The expected output is the line bearing "<g fill='none' stroke='#FFFFFF'" followed by all remaining lines of the records, each restated word for word.

--- Given entries ---

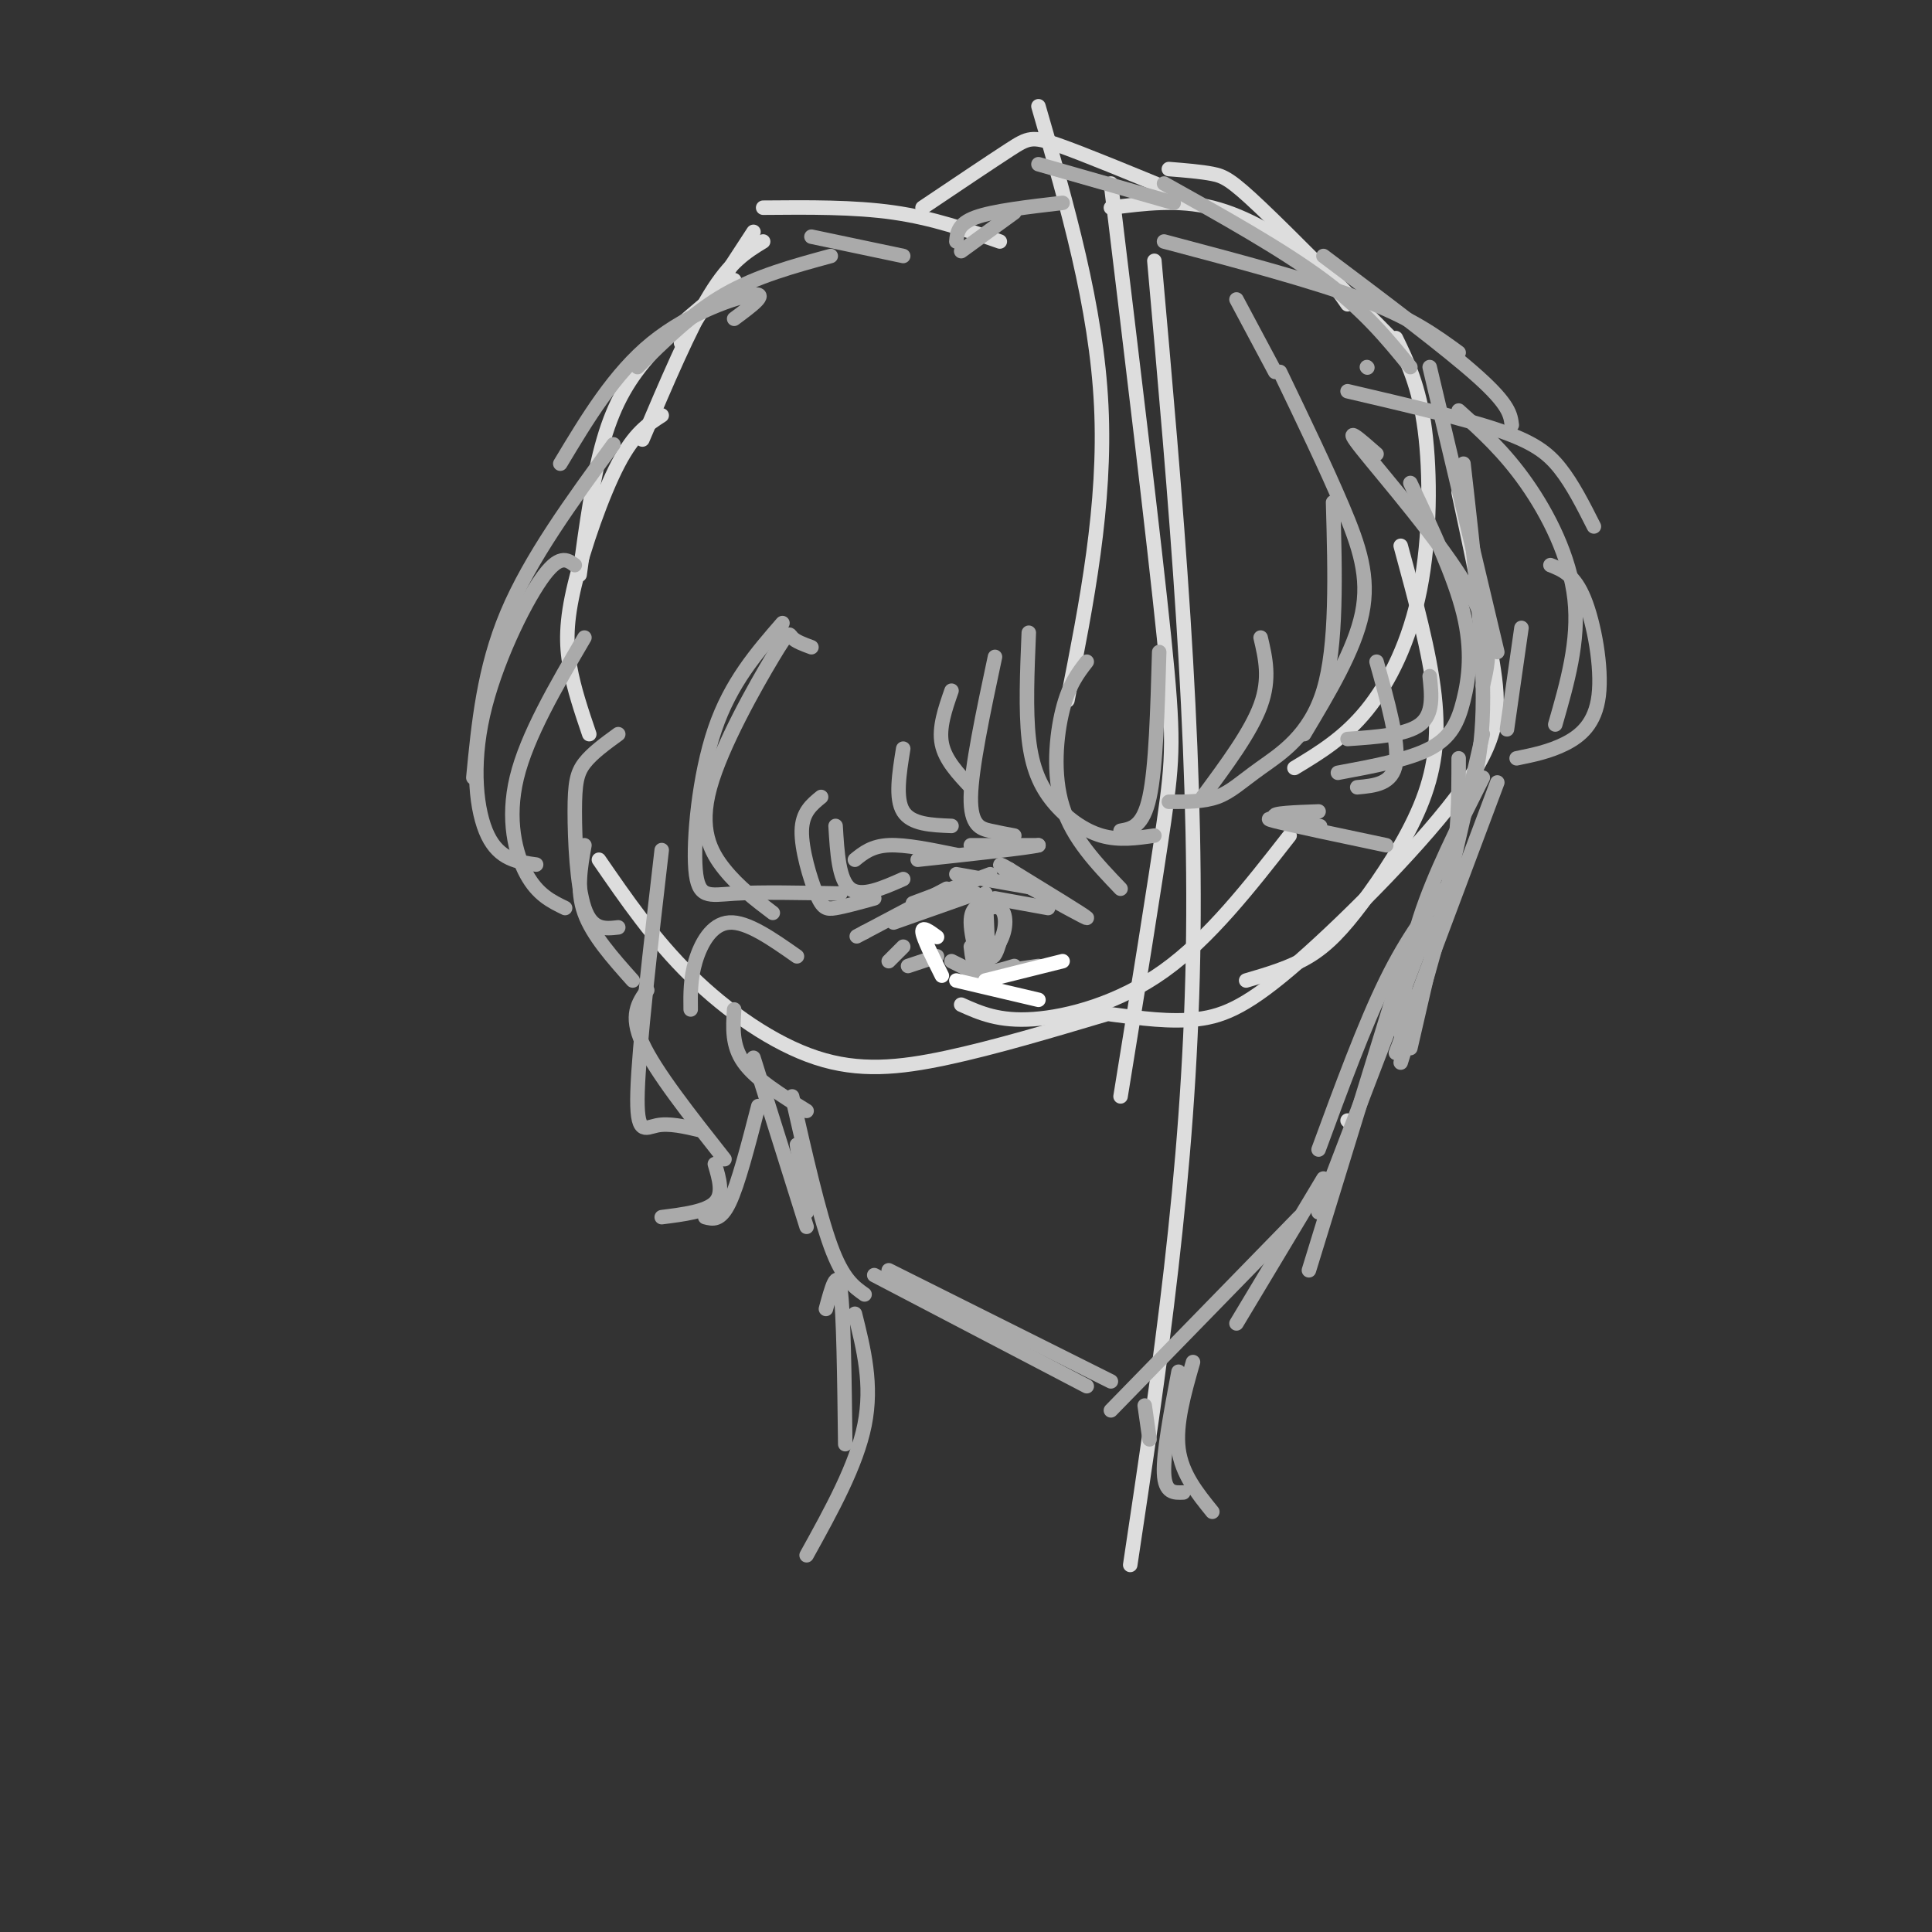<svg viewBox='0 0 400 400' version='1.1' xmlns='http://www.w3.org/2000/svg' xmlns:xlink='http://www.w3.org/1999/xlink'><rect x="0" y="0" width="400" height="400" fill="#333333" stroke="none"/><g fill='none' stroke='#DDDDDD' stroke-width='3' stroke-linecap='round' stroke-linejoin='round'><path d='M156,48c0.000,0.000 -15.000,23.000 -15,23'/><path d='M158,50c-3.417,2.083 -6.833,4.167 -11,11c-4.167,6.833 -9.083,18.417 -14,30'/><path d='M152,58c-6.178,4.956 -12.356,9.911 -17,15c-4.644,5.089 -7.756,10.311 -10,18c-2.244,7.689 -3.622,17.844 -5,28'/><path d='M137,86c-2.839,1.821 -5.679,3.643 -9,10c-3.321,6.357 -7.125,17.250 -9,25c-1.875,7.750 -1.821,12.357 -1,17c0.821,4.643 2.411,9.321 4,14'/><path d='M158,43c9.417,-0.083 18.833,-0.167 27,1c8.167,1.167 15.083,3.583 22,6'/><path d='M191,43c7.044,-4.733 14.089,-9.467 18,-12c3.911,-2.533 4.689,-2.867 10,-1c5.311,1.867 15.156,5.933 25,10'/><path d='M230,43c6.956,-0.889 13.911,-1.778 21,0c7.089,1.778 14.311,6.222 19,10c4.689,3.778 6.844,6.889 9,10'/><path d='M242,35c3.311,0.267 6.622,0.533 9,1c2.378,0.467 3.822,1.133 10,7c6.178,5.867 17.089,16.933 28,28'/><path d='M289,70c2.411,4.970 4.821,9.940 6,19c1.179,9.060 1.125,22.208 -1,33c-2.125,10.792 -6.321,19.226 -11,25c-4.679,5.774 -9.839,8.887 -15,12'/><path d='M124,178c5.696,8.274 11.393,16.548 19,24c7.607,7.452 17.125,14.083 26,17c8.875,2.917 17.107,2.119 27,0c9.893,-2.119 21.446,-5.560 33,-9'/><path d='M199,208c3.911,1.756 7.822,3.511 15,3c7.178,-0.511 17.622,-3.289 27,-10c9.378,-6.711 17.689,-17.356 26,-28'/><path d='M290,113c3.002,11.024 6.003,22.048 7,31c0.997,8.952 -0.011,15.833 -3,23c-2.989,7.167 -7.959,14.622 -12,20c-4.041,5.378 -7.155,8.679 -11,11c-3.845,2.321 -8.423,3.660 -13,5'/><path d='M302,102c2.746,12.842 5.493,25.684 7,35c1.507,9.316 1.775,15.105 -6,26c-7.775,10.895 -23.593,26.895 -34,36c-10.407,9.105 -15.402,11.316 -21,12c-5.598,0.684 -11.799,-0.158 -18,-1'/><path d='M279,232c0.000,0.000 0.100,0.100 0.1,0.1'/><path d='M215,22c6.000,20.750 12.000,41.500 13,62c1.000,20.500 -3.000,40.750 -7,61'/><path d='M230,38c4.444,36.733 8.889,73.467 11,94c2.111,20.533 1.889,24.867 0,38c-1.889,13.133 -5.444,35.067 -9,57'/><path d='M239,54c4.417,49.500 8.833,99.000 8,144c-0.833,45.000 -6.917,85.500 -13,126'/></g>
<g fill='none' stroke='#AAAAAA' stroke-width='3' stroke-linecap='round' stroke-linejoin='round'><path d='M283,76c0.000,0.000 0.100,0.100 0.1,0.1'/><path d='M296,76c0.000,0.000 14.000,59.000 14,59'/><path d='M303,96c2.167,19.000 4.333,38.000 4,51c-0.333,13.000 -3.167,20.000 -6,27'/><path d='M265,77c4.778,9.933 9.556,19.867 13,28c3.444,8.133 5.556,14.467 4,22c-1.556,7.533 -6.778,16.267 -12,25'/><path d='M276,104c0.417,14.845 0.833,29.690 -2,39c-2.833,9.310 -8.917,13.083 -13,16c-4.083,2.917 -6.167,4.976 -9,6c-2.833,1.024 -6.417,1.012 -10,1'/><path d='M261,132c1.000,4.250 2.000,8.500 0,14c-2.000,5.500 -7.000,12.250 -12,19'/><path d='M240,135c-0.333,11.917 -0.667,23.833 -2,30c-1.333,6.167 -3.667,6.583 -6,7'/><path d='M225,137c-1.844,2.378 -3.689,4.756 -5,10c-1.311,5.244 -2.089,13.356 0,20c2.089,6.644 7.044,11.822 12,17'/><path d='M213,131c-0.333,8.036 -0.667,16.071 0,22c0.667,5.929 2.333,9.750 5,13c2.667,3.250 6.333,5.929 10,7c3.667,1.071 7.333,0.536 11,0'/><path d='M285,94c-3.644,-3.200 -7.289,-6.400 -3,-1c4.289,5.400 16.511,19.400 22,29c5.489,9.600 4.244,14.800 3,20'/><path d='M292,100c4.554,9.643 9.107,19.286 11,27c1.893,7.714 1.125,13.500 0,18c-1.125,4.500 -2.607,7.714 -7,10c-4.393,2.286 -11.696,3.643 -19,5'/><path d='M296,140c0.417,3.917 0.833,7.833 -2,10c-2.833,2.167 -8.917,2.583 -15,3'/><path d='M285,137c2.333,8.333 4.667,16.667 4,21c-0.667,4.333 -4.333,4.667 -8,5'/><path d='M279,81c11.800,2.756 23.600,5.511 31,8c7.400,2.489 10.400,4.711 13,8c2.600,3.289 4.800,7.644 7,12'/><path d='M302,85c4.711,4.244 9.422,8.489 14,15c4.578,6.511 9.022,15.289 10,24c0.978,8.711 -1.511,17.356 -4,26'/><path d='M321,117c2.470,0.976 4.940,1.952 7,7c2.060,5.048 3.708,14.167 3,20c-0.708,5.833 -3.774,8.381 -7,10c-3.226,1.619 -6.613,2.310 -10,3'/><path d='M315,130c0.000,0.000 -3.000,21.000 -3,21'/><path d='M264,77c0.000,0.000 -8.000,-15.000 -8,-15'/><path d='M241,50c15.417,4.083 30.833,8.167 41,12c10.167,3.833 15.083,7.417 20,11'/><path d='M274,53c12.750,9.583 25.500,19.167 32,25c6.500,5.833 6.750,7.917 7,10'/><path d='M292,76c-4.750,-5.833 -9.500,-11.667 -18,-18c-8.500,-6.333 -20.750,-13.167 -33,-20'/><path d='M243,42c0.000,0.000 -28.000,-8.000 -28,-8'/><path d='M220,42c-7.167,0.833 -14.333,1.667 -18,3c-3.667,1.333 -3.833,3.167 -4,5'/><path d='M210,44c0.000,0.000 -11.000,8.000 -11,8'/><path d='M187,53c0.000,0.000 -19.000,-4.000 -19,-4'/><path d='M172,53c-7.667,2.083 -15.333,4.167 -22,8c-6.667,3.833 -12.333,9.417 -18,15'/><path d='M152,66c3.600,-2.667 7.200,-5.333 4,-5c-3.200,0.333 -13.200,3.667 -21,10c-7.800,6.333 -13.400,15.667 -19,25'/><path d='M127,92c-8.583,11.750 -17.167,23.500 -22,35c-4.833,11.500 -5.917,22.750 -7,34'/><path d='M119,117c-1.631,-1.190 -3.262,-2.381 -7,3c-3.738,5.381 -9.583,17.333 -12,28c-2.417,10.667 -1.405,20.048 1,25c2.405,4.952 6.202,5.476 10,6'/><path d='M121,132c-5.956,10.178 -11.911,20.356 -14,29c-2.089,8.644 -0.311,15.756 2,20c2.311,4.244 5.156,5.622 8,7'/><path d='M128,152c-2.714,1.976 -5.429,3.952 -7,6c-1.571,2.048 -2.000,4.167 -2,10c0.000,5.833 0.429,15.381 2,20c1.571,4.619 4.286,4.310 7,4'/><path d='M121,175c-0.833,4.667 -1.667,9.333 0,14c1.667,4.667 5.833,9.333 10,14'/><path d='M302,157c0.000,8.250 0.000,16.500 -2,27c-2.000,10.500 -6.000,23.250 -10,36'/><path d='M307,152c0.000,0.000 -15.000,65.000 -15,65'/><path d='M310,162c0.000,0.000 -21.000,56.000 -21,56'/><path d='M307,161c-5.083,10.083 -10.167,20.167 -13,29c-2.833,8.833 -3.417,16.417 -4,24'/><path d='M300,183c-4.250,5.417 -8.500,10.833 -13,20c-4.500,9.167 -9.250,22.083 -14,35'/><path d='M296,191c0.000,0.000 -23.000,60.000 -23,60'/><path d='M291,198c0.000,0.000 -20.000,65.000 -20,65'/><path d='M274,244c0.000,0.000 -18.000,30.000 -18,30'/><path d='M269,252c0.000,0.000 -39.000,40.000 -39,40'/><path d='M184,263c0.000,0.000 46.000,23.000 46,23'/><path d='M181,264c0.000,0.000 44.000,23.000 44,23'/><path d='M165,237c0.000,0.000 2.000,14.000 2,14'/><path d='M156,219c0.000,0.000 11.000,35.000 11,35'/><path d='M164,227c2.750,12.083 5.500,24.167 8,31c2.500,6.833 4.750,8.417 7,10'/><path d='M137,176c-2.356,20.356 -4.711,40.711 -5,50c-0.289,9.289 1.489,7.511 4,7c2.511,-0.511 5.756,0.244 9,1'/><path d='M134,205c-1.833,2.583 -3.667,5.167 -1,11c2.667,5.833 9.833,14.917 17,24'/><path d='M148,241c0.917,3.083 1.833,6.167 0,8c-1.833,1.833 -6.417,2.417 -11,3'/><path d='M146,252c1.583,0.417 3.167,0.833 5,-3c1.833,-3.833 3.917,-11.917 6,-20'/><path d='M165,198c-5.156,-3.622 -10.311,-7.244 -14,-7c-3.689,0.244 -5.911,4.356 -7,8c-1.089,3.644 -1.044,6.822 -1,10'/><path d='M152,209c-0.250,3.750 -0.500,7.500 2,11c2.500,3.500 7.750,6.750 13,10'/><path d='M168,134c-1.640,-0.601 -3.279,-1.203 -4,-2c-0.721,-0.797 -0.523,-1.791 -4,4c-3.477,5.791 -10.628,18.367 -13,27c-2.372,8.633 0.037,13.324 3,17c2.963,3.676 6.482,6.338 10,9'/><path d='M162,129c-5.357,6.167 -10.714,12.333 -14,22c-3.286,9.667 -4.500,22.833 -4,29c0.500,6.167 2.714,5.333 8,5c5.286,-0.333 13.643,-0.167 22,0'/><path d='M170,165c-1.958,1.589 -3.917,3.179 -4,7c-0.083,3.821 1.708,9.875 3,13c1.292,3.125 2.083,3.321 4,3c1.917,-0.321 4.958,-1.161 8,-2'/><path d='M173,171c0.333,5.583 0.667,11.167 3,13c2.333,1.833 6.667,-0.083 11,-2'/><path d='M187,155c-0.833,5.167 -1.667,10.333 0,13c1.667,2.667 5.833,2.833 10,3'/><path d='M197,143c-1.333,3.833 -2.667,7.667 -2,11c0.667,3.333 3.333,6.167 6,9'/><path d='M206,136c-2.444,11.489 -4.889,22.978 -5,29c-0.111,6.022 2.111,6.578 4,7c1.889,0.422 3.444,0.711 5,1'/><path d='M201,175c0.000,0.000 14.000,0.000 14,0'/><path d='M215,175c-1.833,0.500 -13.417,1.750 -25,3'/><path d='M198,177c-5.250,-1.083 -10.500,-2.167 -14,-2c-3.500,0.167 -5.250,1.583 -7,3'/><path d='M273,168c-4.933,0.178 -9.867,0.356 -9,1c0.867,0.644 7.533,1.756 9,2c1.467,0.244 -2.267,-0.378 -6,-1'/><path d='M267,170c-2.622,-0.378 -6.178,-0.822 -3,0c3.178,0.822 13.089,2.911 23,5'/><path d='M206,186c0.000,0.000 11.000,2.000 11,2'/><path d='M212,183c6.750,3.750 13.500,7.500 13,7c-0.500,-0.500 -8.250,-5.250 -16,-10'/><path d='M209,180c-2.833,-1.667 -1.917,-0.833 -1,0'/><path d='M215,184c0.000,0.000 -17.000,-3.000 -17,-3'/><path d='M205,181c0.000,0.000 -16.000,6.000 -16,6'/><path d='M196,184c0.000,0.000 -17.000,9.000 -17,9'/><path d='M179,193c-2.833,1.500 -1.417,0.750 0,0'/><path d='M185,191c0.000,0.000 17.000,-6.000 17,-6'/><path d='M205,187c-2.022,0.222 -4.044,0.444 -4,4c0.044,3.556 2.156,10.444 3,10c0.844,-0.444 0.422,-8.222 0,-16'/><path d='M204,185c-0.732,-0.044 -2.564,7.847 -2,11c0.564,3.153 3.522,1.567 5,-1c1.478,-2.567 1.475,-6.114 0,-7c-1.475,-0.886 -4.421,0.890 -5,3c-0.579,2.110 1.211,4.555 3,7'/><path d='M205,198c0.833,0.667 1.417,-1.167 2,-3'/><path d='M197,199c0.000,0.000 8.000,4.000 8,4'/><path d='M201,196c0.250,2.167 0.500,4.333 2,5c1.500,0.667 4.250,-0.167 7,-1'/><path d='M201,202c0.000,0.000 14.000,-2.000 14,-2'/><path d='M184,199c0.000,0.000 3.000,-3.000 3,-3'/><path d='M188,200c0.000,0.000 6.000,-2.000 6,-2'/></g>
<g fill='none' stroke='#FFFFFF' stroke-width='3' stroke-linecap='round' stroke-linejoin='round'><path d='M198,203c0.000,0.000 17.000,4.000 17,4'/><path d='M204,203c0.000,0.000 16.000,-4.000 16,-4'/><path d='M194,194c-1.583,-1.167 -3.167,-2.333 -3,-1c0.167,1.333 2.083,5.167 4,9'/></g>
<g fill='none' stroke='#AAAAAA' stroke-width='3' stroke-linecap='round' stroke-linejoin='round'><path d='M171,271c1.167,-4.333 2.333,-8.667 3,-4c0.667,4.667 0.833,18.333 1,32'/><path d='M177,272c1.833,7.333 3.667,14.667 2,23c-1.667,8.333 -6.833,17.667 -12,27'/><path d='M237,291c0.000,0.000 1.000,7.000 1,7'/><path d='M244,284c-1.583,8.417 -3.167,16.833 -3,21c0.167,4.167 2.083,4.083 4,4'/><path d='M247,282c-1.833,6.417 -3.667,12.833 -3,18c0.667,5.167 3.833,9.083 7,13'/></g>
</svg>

---

◆ Answer below
<g fill='none' stroke='#FFFFFF' stroke-width='3' stroke-linecap='round' stroke-linejoin='round'><path d='M198,203c0.000,0.000 17.000,4.000 17,4'/><path d='M204,203c0.000,0.000 16.000,-4.000 16,-4'/><path d='M194,194c-1.583,-1.167 -3.167,-2.333 -3,-1c0.167,1.333 2.083,5.167 4,9'/></g>
<g fill='none' stroke='#AAAAAA' stroke-width='3' stroke-linecap='round' stroke-linejoin='round'><path d='M171,271c1.167,-4.333 2.333,-8.667 3,-4c0.667,4.667 0.833,18.333 1,32'/><path d='M177,272c1.833,7.333 3.667,14.667 2,23c-1.667,8.333 -6.833,17.667 -12,27'/><path d='M237,291c0.000,0.000 1.000,7.000 1,7'/><path d='M244,284c-1.583,8.417 -3.167,16.833 -3,21c0.167,4.167 2.083,4.083 4,4'/><path d='M247,282c-1.833,6.417 -3.667,12.833 -3,18c0.667,5.167 3.833,9.083 7,13'/></g>
</svg>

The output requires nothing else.